2. Demonstrate value, encourage participation. Employees who don’t use their benefits probably don’t value them. They might appreciate your organization for building a child care center, but if they don’t have kids, the benefit has little value to them. Strategies to try:

  • Advertise all of your benefits—from health insurance to voluntary benefits to work/life perks.
  • Start an enrollment campaign for perks such as work/life and wellness. Those who partake will find them more valuable than those who don’t.
  • Offer a substantial prize to the employee who can correctly answer the most questions about your organization’s benefits. This will help reveal gaps in your communication efforts.

3. Tweak benefits offerings. Get rid of little-used benefits. Strategies to try:

  • Identify which benefits are most popular. Replace low-value benefits with higher-impact perks.
  • Study each benefit’s return on investment before dumping it. A little-used perk like adoption assistance, for example, may have a positive impact on employee morale and loyalty even though few workers use it.
  • Repackage existing benefits so employees understand how to use them to make their lives easier or save money.
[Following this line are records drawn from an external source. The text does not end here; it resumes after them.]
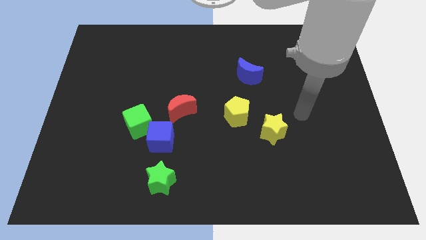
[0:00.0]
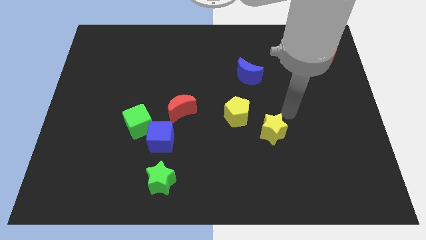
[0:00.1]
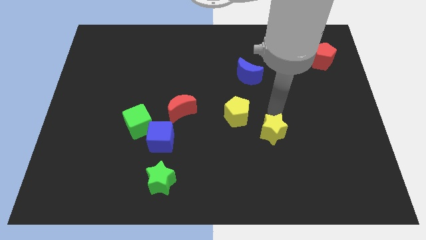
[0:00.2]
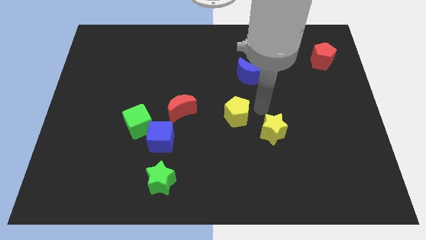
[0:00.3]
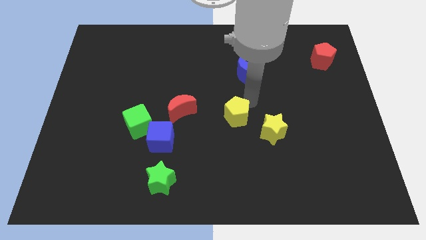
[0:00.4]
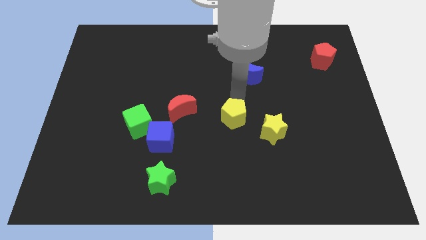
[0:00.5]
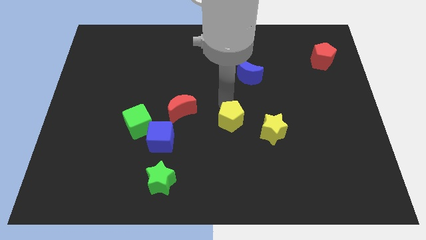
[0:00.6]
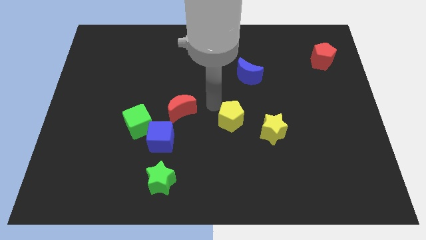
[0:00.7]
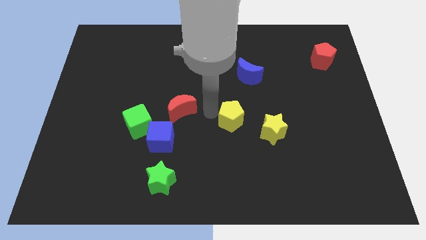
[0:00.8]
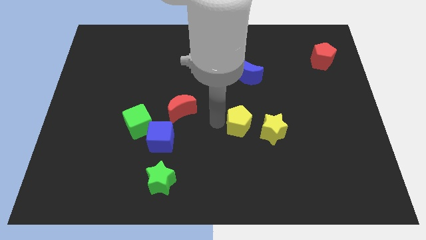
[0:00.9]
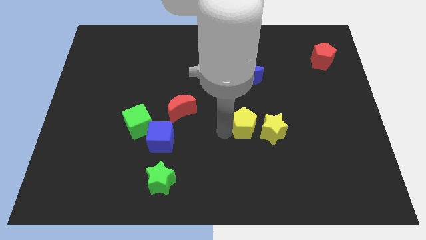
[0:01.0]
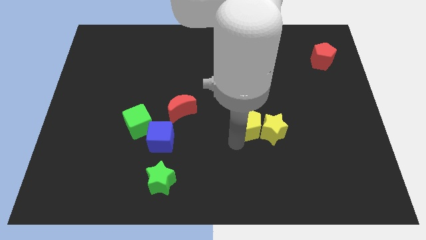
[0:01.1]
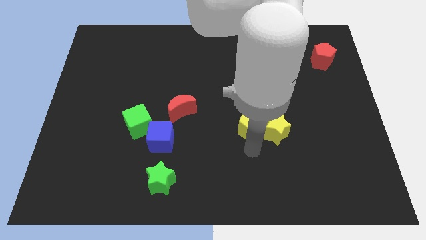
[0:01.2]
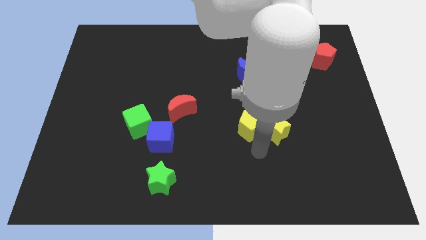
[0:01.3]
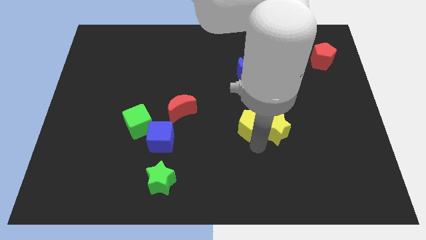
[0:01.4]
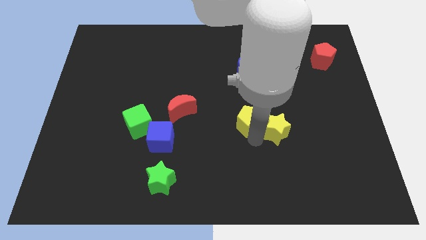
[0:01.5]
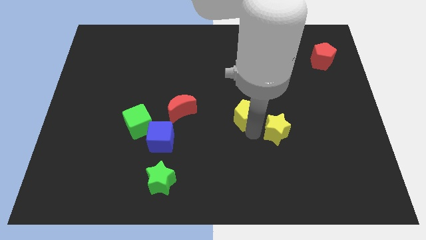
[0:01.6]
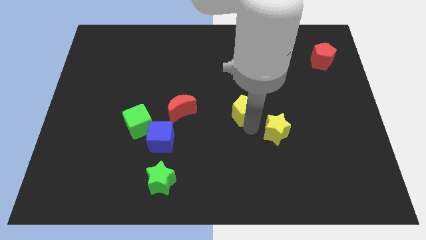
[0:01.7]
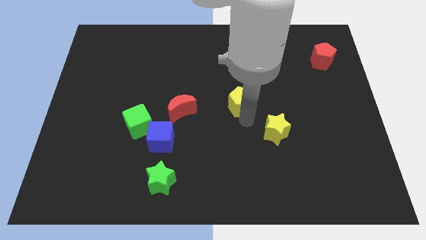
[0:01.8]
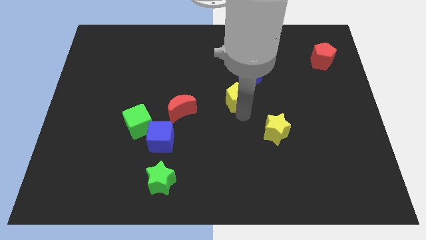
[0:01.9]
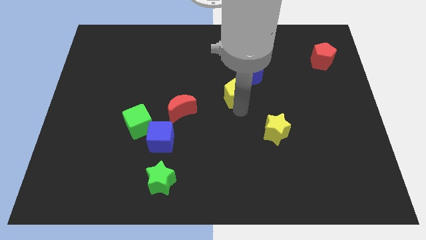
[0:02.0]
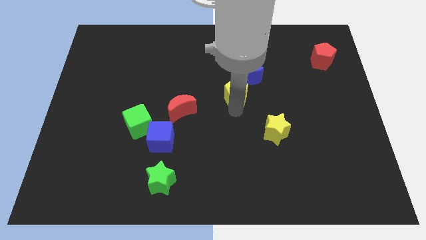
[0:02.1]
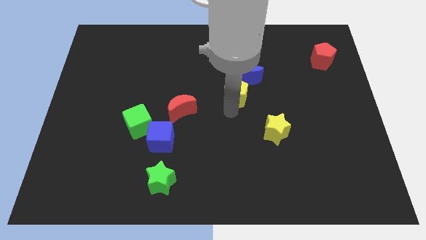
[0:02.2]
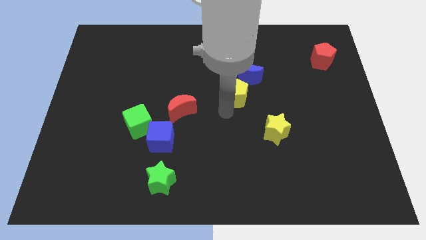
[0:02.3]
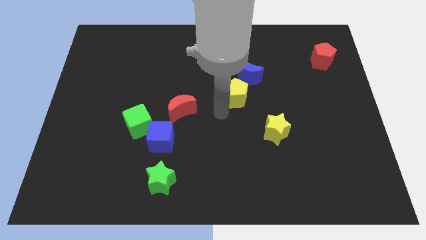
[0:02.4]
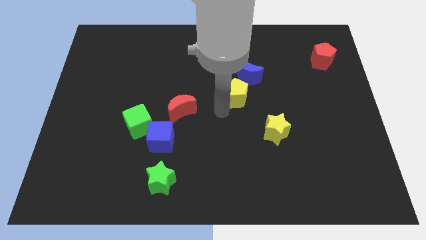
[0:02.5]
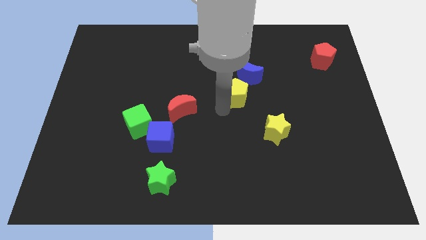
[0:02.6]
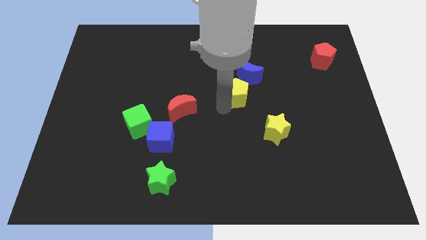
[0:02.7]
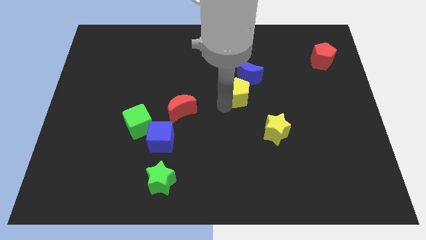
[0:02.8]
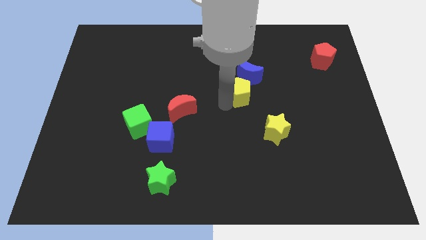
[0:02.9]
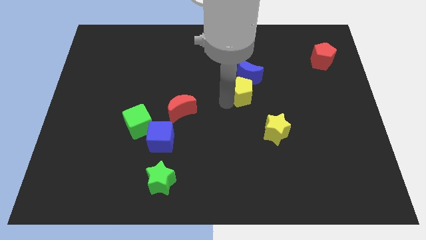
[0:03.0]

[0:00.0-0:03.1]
push the yellow pentagon towards the blue moon

4. Talk, talk, talk! Keep employees engaged by keeping them in the loop about your organization’s situation. Strategies to try:

  • Communicate with employees more often during tough times than you normally would.
  • Reinforce management’s vision for success and recovery.
  • Recognize employees for doing good work. Most employees say they value appreciation as much as money.
  • Be honest about the impact of the economy on employee benefits—and help them understand it. Tip: Bring in a financial advisor to help employees review retirement plans.

Get on the same page

In a study by Watson Wyatt Worldwide, employees gave high marks to employers that offered few benefits but explained them well. Those organizations scored better than companies with a slew of benefits that workers didn’t understand.

Employees who responded to a recent MetLife survey credited employee benefits for their loyalty to their employers.